11th Chairman of State Bank of India
- Preceded by: R. P. Goyal
- Succeeded by: D. N. Ghosh

Personal details
- Born: 28 July 1924
- Died: 3 August 2006 (aged 82) Mumbai

= Vishwanath N. Nadkarni =

Indian career banker

Vishwanath N. Nadkarni was an Indian career banker who served as the eleventh Chairman of State Bank of India.

== Life ==

He was born on 28 July 1924.

He died on 3 August 2006 at the age of 82 at his home in Mumbai.

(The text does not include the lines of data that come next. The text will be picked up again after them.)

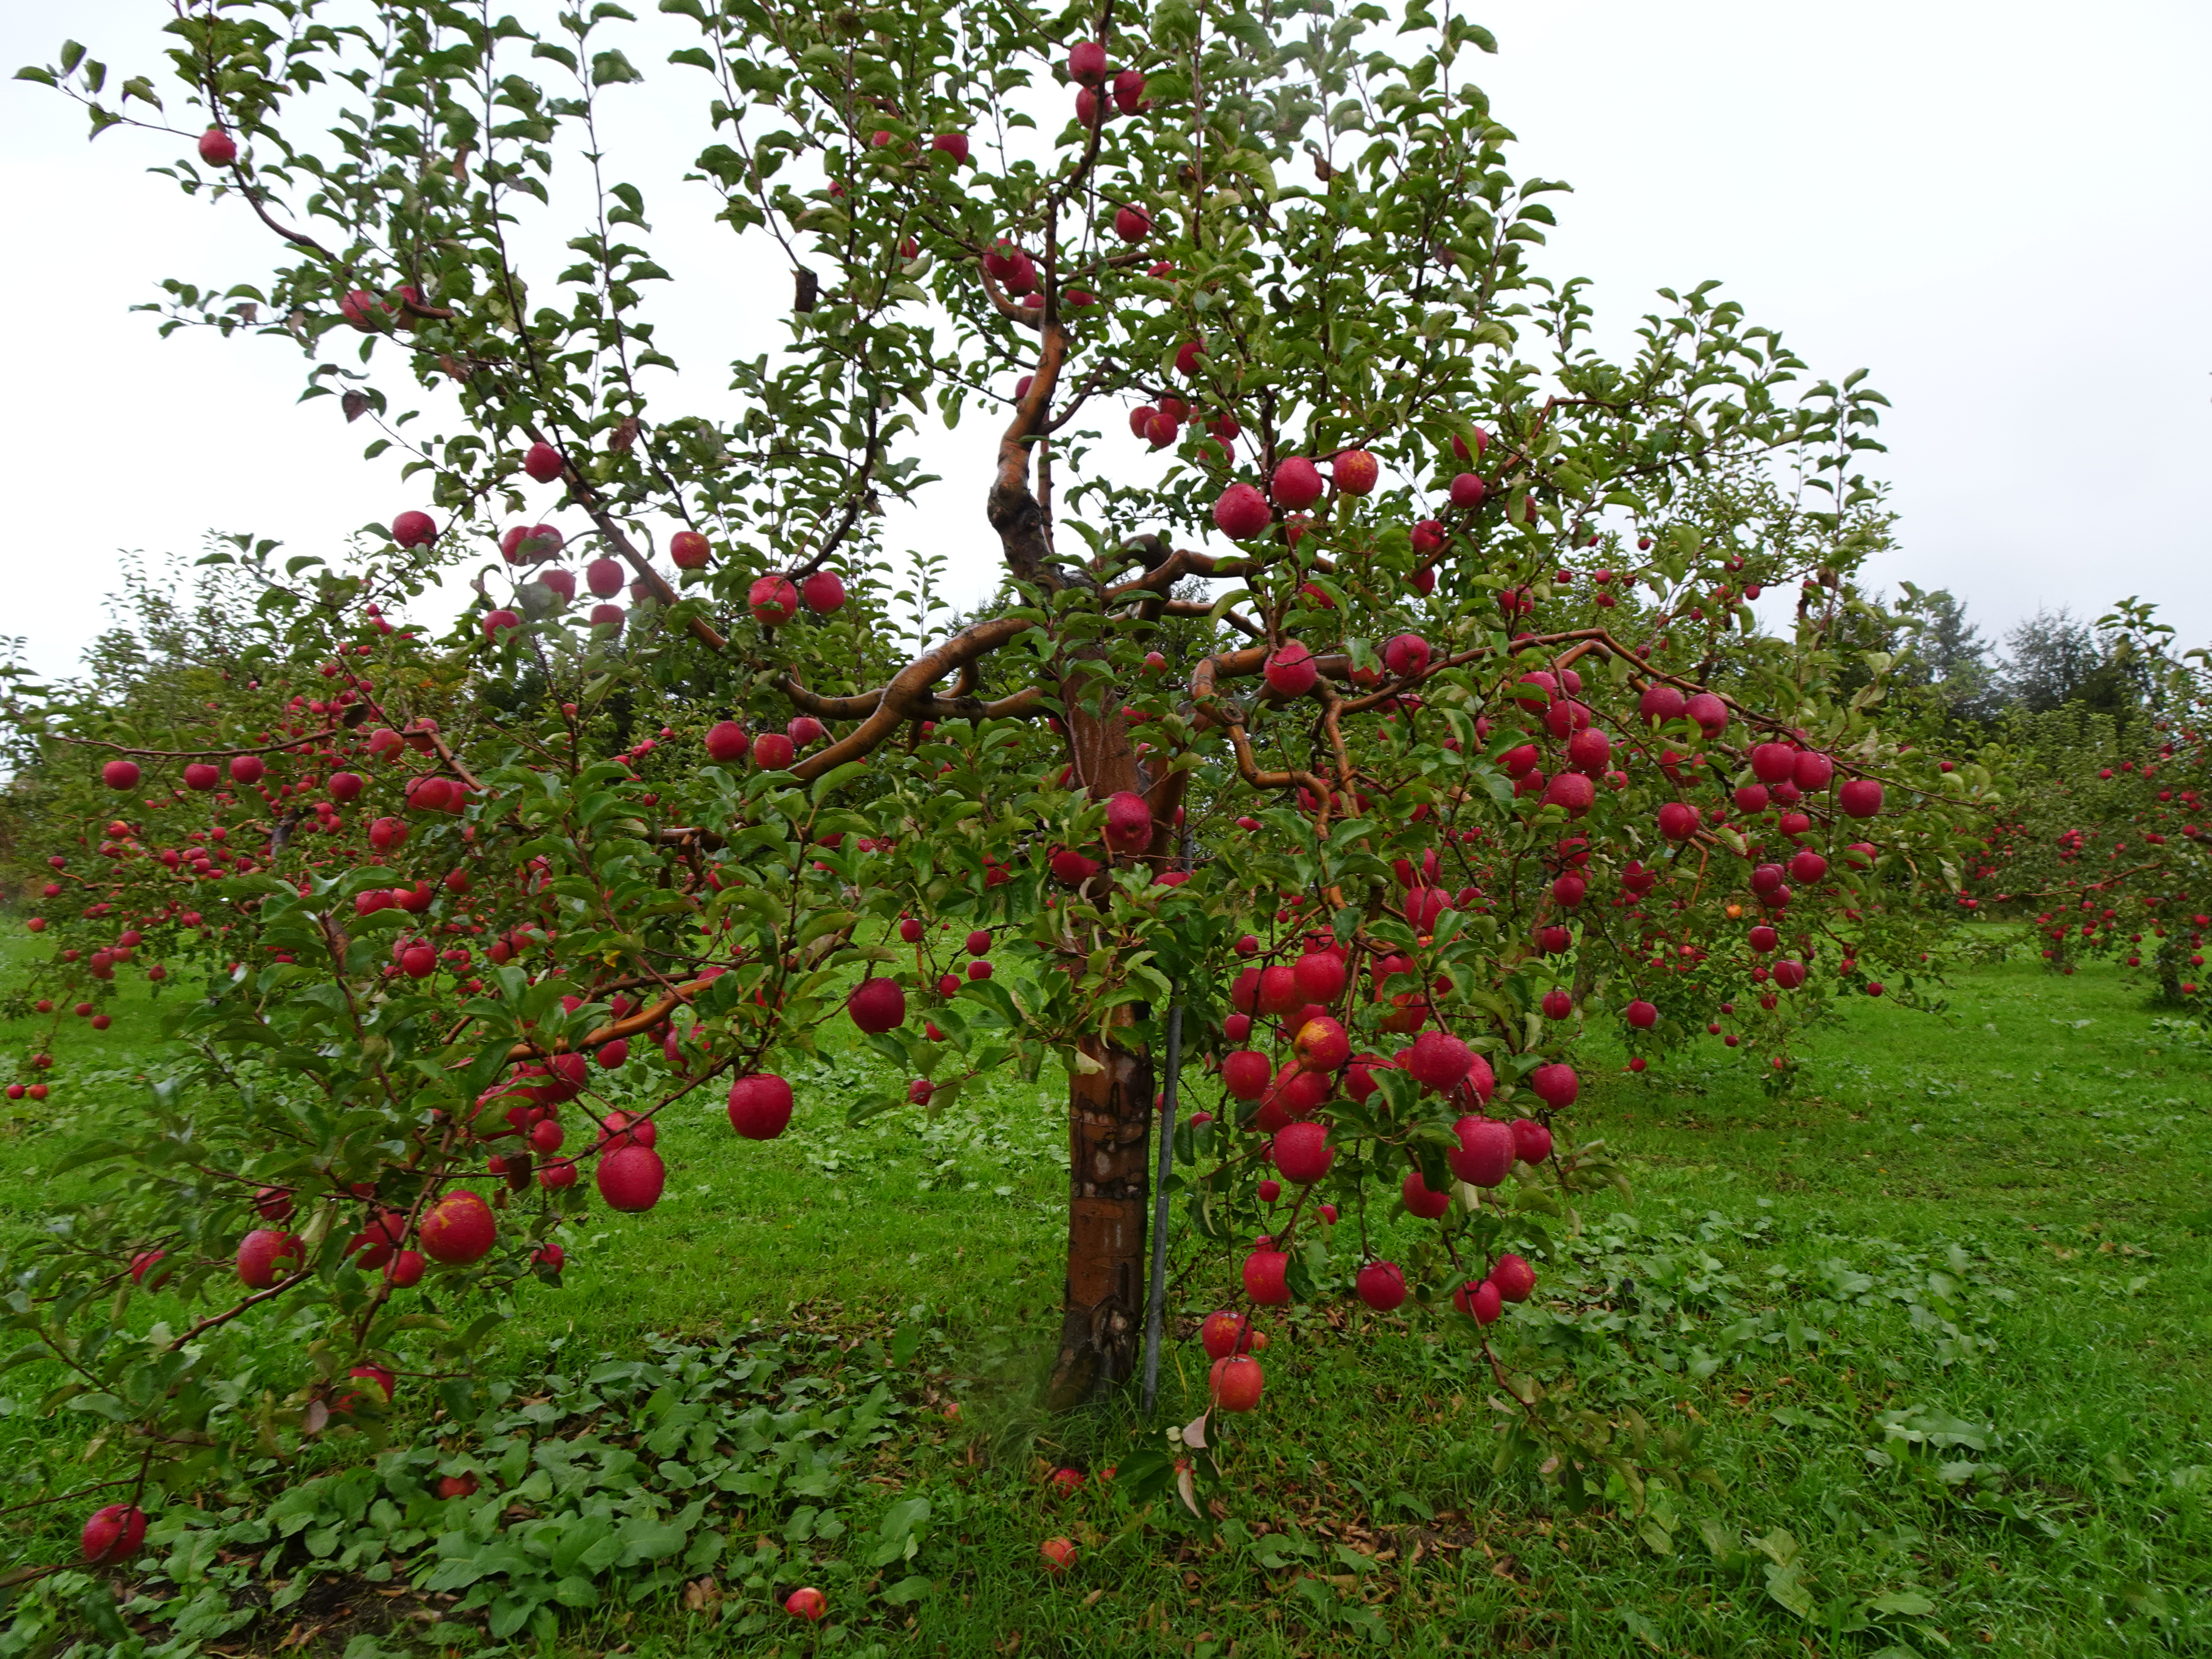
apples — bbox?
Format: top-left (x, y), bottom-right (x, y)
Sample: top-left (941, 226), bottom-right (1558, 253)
top-left (909, 1079), bottom-right (934, 1106)
top-left (1224, 1014), bottom-right (1250, 1042)
top-left (1233, 935), bottom-right (1259, 959)
top-left (1532, 1064), bottom-right (1578, 1111)
top-left (590, 604), bottom-right (625, 635)
top-left (858, 837), bottom-right (885, 852)
top-left (1458, 887), bottom-right (1482, 909)
top-left (537, 569), bottom-right (575, 605)
top-left (1752, 743), bottom-right (1795, 783)
top-left (370, 728), bottom-right (405, 763)
top-left (341, 1205), bottom-right (405, 1269)
top-left (1370, 937), bottom-right (1405, 982)
top-left (1003, 256), bottom-right (1036, 296)
top-left (1501, 584), bottom-right (1532, 615)
top-left (1373, 979), bottom-right (1430, 1034)
top-left (1174, 804), bottom-right (1183, 828)
top-left (1199, 435), bottom-right (1234, 470)
top-left (1104, 791), bottom-right (1151, 843)
top-left (511, 921), bottom-right (538, 946)
top-left (1354, 1060), bottom-right (1399, 1110)
top-left (715, 861), bottom-right (742, 885)
top-left (392, 510), bottom-right (437, 550)
top-left (1768, 777), bottom-right (1801, 807)
top-left (1552, 669), bottom-right (1581, 696)
top-left (1294, 952), bottom-right (1346, 1005)
top-left (487, 1153), bottom-right (507, 1175)
top-left (1402, 1172), bottom-right (1449, 1219)
top-left (1792, 851), bottom-right (1826, 885)
top-left (630, 575), bottom-right (662, 608)
top-left (1356, 1261), bottom-right (1405, 1312)
top-left (1474, 715), bottom-right (1494, 739)
top-left (1520, 767), bottom-right (1543, 791)
top-left (1298, 778), bottom-right (1344, 819)
top-left (536, 878), bottom-right (558, 912)
top-left (1365, 781), bottom-right (1385, 794)
top-left (1447, 1115), bottom-right (1515, 1188)
top-left (525, 523), bottom-right (563, 558)
top-left (1488, 1253), bottom-right (1535, 1304)
top-left (1569, 729), bottom-right (1610, 771)
top-left (532, 1052), bottom-right (586, 1103)
top-left (557, 995), bottom-right (583, 1038)
top-left (402, 947), bottom-right (436, 978)
top-left (1210, 413), bottom-right (1239, 440)
top-left (369, 817), bottom-right (410, 852)
top-left (1749, 868), bottom-right (1779, 895)
top-left (1129, 406), bottom-right (1160, 438)
top-left (1213, 483), bottom-right (1271, 540)
top-left (1410, 520), bottom-right (1445, 554)
top-left (1190, 1112), bottom-right (1213, 1129)
top-left (1400, 936), bottom-right (1463, 995)
top-left (340, 1181), bottom-right (374, 1198)
top-left (900, 236), bottom-right (916, 271)
top-left (602, 887), bottom-right (638, 912)
top-left (586, 558), bottom-right (624, 599)
top-left (1393, 848), bottom-right (1440, 891)
top-left (526, 1102), bottom-right (557, 1129)
top-left (1048, 838), bottom-right (1104, 886)
top-left (82, 1504), bottom-right (145, 1566)
top-left (1516, 671), bottom-right (1559, 716)
top-left (1514, 632), bottom-right (1536, 656)
top-left (1411, 568), bottom-right (1434, 598)
top-left (1142, 650), bottom-right (1168, 675)
top-left (443, 1127), bottom-right (476, 1161)
top-left (328, 771), bottom-right (366, 802)
top-left (1345, 1052), bottom-right (1379, 1099)
top-left (816, 833), bottom-right (843, 846)
top-left (598, 1040), bottom-right (627, 1069)
top-left (1621, 860), bottom-right (1654, 890)
top-left (1777, 730), bottom-right (1806, 754)
top-left (1156, 1093), bottom-right (1178, 1114)
top-left (1243, 1251), bottom-right (1292, 1306)
top-left (511, 1062), bottom-right (531, 1077)
top-left (1378, 715), bottom-right (1396, 740)
top-left (1275, 1058), bottom-right (1331, 1119)
top-left (1393, 1047), bottom-right (1434, 1098)
top-left (1121, 705), bottom-right (1145, 726)
top-left (393, 878), bottom-right (434, 915)
top-left (1773, 959), bottom-right (1805, 989)
top-left (526, 442), bottom-right (564, 484)
top-left (753, 733), bottom-right (793, 770)
top-left (341, 289), bottom-right (389, 333)
top-left (1023, 293), bottom-right (1044, 308)
top-left (1553, 877), bottom-right (1585, 907)
top-left (1159, 389), bottom-right (1191, 425)
top-left (920, 721), bottom-right (936, 741)
top-left (1604, 771), bottom-right (1627, 793)
top-left (1315, 1204), bottom-right (1337, 1225)
top-left (961, 870), bottom-right (989, 890)
top-left (529, 1120), bottom-right (563, 1156)
top-left (728, 1074), bottom-right (793, 1140)
top-left (1453, 426), bottom-right (1488, 461)
top-left (1431, 722), bottom-right (1450, 730)
top-left (664, 1026), bottom-right (722, 1080)
top-left (482, 610), bottom-right (520, 643)
top-left (1205, 1050), bottom-right (1223, 1070)
top-left (1188, 405), bottom-right (1215, 429)
top-left (597, 1111), bottom-right (656, 1155)
top-left (1257, 1179), bottom-right (1280, 1202)
top-left (328, 1390), bottom-right (362, 1432)
top-left (1293, 1017), bottom-right (1349, 1073)
top-left (705, 720), bottom-right (748, 762)
top-left (1839, 779), bottom-right (1882, 819)
top-left (1151, 871), bottom-right (1193, 919)
top-left (1570, 765), bottom-right (1607, 781)
top-left (1264, 644), bottom-right (1316, 697)
top-left (1076, 87), bottom-right (1112, 129)
top-left (1203, 1311), bottom-right (1253, 1361)
top-left (880, 843), bottom-right (894, 856)
top-left (1349, 656), bottom-right (1384, 689)
top-left (1512, 781), bottom-right (1522, 799)
top-left (742, 982), bottom-right (786, 1028)
top-left (1541, 991), bottom-right (1571, 1020)
top-left (1545, 700), bottom-right (1591, 739)
top-left (883, 831), bottom-right (899, 847)
top-left (938, 975), bottom-right (961, 999)
top-left (1749, 926), bottom-right (1778, 952)
top-left (1276, 1023), bottom-right (1294, 1045)
top-left (1145, 699), bottom-right (1165, 722)
top-left (924, 760), bottom-right (952, 779)
top-left (1356, 792), bottom-right (1372, 814)
top-left (511, 889), bottom-right (527, 910)
top-left (1399, 692), bottom-right (1424, 719)
top-left (900, 919), bottom-right (924, 943)
top-left (199, 129), bottom-right (236, 168)
top-left (387, 285), bottom-right (418, 330)
top-left (1544, 851), bottom-right (1560, 873)
top-left (356, 888), bottom-right (396, 916)
top-left (490, 931), bottom-right (525, 965)
top-left (484, 1086), bottom-right (518, 1096)
top-left (1548, 773), bottom-right (1594, 819)
top-left (1271, 456), bottom-right (1323, 510)
top-left (1641, 687), bottom-right (1683, 730)
top-left (1408, 791), bottom-right (1427, 823)
top-left (1683, 693), bottom-right (1728, 739)
top-left (445, 866), bottom-right (473, 895)
top-left (1016, 376), bottom-right (1035, 399)
top-left (828, 178), bottom-right (859, 207)
top-left (405, 777), bottom-right (452, 811)
top-left (392, 935), bottom-right (427, 964)
top-left (1114, 71), bottom-right (1149, 116)
top-left (516, 855), bottom-right (552, 885)
top-left (1281, 1003), bottom-right (1326, 1038)
top-left (749, 576), bottom-right (798, 626)
top-left (404, 718), bottom-right (439, 752)
top-left (1115, 203), bottom-right (1150, 243)
top-left (419, 1189), bottom-right (495, 1265)
top-left (804, 570), bottom-right (844, 614)
top-left (537, 1158), bottom-right (577, 1194)
top-left (1454, 1279), bottom-right (1501, 1325)
top-left (967, 960), bottom-right (992, 981)
top-left (1477, 899), bottom-right (1496, 914)
top-left (1332, 450), bottom-right (1378, 497)
top-left (1616, 740), bottom-right (1643, 767)
top-left (982, 852), bottom-right (1011, 885)
top-left (1058, 763), bottom-right (1073, 785)
top-left (1304, 924), bottom-right (1349, 965)
top-left (966, 930), bottom-right (991, 956)
top-left (1241, 1124), bottom-right (1258, 1133)
top-left (847, 977), bottom-right (905, 1035)
top-left (431, 1109), bottom-right (441, 1115)
top-left (1541, 925), bottom-right (1572, 954)
top-left (1002, 741), bottom-right (1019, 747)
top-left (1559, 838), bottom-right (1589, 868)
top-left (1659, 743), bottom-right (1706, 789)
top-left (1209, 1354), bottom-right (1262, 1412)
top-left (619, 1037), bottom-right (627, 1045)
top-left (1439, 1052), bottom-right (1494, 1112)
top-left (184, 763), bottom-right (220, 791)
top-left (871, 130), bottom-right (909, 153)
top-left (531, 1244), bottom-right (564, 1276)
top-left (670, 531), bottom-right (711, 568)
top-left (384, 1251), bottom-right (427, 1289)
top-left (985, 237), bottom-right (1024, 281)
top-left (1405, 887), bottom-right (1454, 935)
top-left (1231, 967), bottom-right (1269, 1018)
top-left (1734, 782), bottom-right (1769, 814)
top-left (1037, 774), bottom-right (1057, 788)
top-left (787, 717), bottom-right (823, 746)
top-left (706, 868), bottom-right (734, 892)
top-left (514, 1019), bottom-right (536, 1041)
top-left (1790, 753), bottom-right (1834, 790)
top-left (1627, 1001), bottom-right (1656, 1028)
top-left (1148, 262), bottom-right (1178, 283)
top-left (1846, 842), bottom-right (1876, 869)
top-left (1562, 864), bottom-right (1592, 886)
top-left (1537, 794), bottom-right (1571, 824)
top-left (932, 134), bottom-right (968, 166)
top-left (1255, 1235), bottom-right (1277, 1251)
top-left (1144, 414), bottom-right (1178, 448)
top-left (501, 526), bottom-right (532, 566)
top-left (236, 1230), bottom-right (304, 1290)
top-left (1495, 743), bottom-right (1538, 779)
top-left (1659, 802), bottom-right (1701, 841)
top-left (255, 1185), bottom-right (293, 1221)
top-left (1373, 698), bottom-right (1399, 714)
top-left (926, 1020), bottom-right (947, 1042)
top-left (1135, 744), bottom-right (1153, 770)
top-left (1779, 813), bottom-right (1809, 840)
top-left (441, 781), bottom-right (476, 814)
top-left (230, 756), bottom-right (263, 784)
top-left (1255, 1085), bottom-right (1294, 1134)
top-left (1299, 583), bottom-right (1335, 610)
top-left (609, 993), bottom-right (644, 1020)
top-left (349, 1361), bottom-right (393, 1403)
top-left (1259, 965), bottom-right (1308, 1015)
top-left (1260, 1140), bottom-right (1271, 1164)
top-left (1385, 634), bottom-right (1429, 677)
top-left (596, 1146), bottom-right (664, 1213)
top-left (1049, 717), bottom-right (1064, 735)
top-left (1412, 1031), bottom-right (1471, 1091)
top-left (1223, 1051), bottom-right (1271, 1100)
top-left (1273, 1122), bottom-right (1333, 1185)
top-left (131, 1250), bottom-right (171, 1288)
top-left (1505, 495), bottom-right (1537, 523)
top-left (1444, 737), bottom-right (1461, 754)
top-left (102, 761), bottom-right (140, 790)
top-left (1757, 864), bottom-right (1784, 887)
top-left (696, 966), bottom-right (727, 981)
top-left (1284, 513), bottom-right (1310, 548)
top-left (469, 1094), bottom-right (529, 1142)
top-left (812, 860), bottom-right (837, 875)
top-left (646, 1018), bottom-right (674, 1044)
top-left (506, 1073), bottom-right (541, 1104)
top-left (1509, 1119), bottom-right (1551, 1167)
top-left (1069, 42), bottom-right (1106, 87)
top-left (1235, 816), bottom-right (1261, 834)
top-left (1762, 884), bottom-right (1790, 908)
top-left (1175, 338), bottom-right (1206, 377)
top-left (1064, 288), bottom-right (1094, 310)
top-left (1450, 473), bottom-right (1484, 509)

His obituary was published by The Times of India the very next day after his death.

He is survived by one daughter, two sons, five grand children and a couple dozen great grand children.

== Career ==

=== Early career ===

He had joined the State Bank of India as a probationary officer and served in a number of roles until finally becoming the Chairman of State Bank of India in 1983.

=== Banking career ===

He served as the eleventh Chairman of State Bank of India from 1 December 1983 until 27 July 1984.

After his retirement in 1984, he was succeeded by D. N. Ghosh as the Chairman of State Bank of India.

=== Later career ===

After having retired from the State Bank of India in 1984, he lived quietly at his home until his death in 2006. He is notable for being one of the few Chairmen of the State Bank of India who never took up any post retirement assignments in the private sector.